In sorption studies, the influence of variables including time, initial concentration of Pb(II) and pH value was checked. 0.1 M HNO3 and 0.1 M NaOH were used to achieve the intended pH values. The pH values were equal to 3, 4, 5 and 6 respectively. pH values below 3 were not used due to the excessive protein denaturing properties in the microbial cells [27]. The research on the effect of pH on the value of sorption capacity showed that with the increase of pH from 3.0 to 5.0, the sorption capacity increased, while above 5 it began to decline (pH = 3: RA—5.21 mg/g, RA-SC—61.08 mg/g; pH = 4: RA—12.32 mg/g, RA-SC—76.42 mg/g, pH = 5: RA—16.51 mg/g, RA-SC—94.66 mg/g, pH = 6: RA—13.91 mg/g, RA-SC—73.12 mg/g).
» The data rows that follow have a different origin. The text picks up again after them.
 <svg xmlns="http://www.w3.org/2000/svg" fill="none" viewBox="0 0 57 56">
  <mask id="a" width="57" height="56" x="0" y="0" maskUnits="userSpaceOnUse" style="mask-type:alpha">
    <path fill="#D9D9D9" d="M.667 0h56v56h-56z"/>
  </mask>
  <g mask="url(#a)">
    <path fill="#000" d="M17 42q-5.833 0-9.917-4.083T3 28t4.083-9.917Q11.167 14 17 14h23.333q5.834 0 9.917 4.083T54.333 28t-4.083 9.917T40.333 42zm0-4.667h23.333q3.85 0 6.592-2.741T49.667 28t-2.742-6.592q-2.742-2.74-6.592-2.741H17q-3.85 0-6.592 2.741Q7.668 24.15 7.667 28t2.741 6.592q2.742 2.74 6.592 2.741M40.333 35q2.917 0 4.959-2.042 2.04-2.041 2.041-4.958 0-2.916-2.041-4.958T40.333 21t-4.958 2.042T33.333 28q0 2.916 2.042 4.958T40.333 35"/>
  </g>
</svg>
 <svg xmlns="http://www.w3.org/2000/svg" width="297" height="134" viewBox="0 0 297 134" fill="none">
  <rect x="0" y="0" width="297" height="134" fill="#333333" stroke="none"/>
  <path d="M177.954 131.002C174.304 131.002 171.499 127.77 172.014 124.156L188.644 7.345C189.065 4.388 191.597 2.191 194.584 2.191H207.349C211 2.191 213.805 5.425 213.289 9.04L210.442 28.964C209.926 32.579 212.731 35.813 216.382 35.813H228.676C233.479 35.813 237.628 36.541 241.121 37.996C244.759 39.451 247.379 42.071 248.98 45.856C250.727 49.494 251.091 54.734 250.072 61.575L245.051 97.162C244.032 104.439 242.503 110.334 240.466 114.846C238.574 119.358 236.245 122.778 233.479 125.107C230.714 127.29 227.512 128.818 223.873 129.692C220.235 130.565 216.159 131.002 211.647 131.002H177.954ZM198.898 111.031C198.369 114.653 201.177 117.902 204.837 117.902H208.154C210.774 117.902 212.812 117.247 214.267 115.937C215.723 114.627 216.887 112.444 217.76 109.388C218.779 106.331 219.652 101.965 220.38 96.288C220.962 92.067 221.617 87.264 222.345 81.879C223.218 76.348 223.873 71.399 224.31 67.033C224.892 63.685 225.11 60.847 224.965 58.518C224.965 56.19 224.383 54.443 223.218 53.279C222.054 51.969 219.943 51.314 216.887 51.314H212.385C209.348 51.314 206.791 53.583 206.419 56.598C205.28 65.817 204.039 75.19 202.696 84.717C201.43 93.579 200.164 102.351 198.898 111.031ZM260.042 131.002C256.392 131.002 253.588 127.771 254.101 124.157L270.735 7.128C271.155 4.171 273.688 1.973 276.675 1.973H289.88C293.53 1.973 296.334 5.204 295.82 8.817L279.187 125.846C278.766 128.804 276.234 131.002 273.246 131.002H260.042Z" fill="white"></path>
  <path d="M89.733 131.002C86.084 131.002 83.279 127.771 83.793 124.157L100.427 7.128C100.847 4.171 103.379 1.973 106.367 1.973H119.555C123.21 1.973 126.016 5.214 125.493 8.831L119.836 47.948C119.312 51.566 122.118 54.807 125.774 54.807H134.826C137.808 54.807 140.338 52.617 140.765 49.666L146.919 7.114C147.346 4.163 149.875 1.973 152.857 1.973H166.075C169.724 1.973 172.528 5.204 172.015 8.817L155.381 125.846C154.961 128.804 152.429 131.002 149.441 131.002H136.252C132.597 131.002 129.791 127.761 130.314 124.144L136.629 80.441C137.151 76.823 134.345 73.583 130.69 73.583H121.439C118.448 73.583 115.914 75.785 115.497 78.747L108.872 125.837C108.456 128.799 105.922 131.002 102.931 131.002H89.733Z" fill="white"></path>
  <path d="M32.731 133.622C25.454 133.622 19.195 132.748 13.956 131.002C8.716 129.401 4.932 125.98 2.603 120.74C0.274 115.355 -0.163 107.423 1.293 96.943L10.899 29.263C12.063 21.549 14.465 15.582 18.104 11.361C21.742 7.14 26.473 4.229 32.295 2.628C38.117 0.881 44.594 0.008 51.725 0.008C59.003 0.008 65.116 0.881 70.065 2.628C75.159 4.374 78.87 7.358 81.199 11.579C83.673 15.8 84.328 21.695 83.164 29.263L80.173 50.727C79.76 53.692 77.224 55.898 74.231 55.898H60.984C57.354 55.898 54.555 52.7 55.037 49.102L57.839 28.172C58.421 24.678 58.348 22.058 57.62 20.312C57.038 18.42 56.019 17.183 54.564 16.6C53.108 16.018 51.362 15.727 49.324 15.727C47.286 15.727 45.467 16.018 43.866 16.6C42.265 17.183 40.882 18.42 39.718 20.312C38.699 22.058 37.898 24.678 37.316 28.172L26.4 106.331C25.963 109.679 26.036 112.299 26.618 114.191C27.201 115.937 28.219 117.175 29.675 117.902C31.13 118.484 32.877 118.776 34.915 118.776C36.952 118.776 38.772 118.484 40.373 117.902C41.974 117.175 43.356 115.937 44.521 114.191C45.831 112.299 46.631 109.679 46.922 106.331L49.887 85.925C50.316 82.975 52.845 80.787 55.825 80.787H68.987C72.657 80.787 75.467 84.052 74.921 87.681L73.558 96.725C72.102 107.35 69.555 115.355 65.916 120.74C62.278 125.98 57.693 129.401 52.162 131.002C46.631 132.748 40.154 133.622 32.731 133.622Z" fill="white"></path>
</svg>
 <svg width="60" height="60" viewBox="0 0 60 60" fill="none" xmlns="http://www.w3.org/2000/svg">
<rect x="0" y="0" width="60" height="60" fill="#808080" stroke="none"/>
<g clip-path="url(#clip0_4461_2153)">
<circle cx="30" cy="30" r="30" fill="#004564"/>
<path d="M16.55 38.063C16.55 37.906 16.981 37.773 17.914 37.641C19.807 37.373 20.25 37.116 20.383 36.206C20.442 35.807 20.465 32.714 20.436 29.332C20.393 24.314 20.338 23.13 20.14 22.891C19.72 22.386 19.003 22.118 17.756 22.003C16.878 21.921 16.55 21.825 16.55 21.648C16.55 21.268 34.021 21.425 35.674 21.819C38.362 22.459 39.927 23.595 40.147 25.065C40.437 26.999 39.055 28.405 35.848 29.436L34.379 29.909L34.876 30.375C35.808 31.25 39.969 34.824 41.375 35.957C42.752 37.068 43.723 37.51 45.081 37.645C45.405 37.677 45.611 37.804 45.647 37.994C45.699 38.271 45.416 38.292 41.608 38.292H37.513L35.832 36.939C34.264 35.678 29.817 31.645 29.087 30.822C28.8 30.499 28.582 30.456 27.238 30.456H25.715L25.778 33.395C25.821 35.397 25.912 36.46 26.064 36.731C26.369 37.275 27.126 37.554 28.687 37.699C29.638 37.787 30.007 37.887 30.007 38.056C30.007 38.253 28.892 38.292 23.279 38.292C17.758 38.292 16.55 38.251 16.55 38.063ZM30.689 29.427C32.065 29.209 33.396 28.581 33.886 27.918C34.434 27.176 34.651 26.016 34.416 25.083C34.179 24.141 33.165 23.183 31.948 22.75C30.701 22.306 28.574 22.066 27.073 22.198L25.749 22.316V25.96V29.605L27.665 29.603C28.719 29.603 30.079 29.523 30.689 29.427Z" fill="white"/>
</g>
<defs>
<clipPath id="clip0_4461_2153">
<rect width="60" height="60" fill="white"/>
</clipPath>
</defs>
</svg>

The obtained results were consistent with the research conducted by [28], which confirms that H+ ions compete with metal ions at low pH, and the metal ion binding sites are only available in the deprotonated state. Therefore, as the pH increases, the density of the positive charge on the surface of the material decreases, so that the protonation effect becomes smaller, which results in greater availability of metal-binding sites [29]. The lead ion sorption process was carried out at the pH corresponding to the highest Pb(II) sorption, i.e., pH = 5 at 25 °C using a laboratory shaker with 150 rpm for various concentrations of Pb(II)—100, 200, 300, 400 and 500 mg/dm3 for 0.5, 1, 3, 5, 8, 15 and 30 min. 0.1 g of RA or RA-SC was weighed into PP containers, to which 20 cm3 of the solution with a given starting concentration of Pb(II) was added each time. After the process, the sample was filtered using a Buchner funnel and a hard filter. The obtained filtrates were tested for the content of Pb ions with the use of an atomic absorption spectrometer in an acetylene-air flame (F-AAS). All experiments were repeated 3 times and the results were averaged.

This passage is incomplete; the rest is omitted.